▶ _GIVEN INFORMATION_:
--- START ---

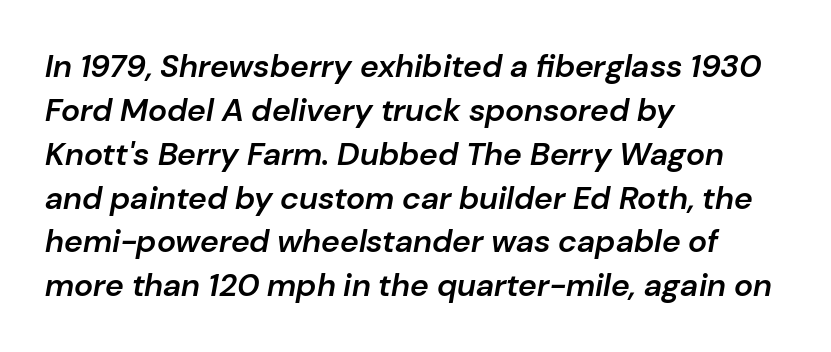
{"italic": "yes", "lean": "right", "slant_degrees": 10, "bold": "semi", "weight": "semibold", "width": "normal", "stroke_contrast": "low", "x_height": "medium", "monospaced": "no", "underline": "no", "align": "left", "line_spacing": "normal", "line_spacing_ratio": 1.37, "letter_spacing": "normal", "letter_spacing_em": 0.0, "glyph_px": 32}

--- END ---
--- START ---

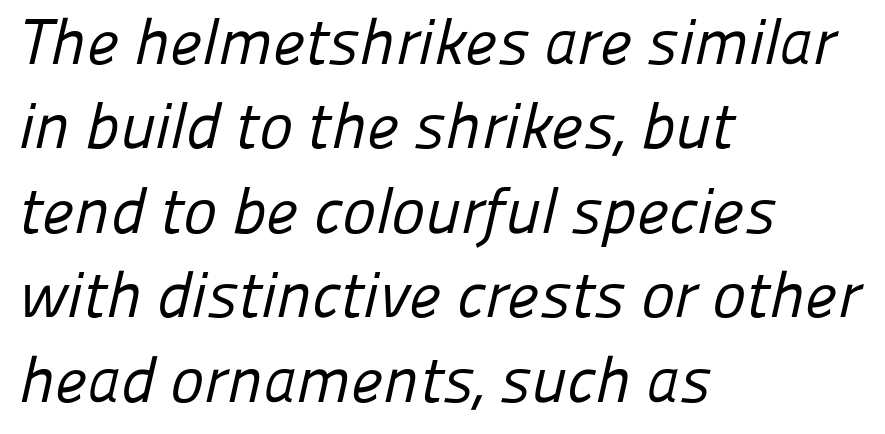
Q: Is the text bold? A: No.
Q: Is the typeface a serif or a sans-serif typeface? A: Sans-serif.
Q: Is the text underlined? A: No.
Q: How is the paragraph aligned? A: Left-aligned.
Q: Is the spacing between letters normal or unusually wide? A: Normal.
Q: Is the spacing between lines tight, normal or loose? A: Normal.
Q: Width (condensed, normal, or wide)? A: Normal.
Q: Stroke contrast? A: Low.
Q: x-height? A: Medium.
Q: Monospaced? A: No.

--- END ---

▶ _ASSIGNMENT_:
How many lines of the material hold the string "text"? Answer with the number only.

▶ _SOLUTION_:
2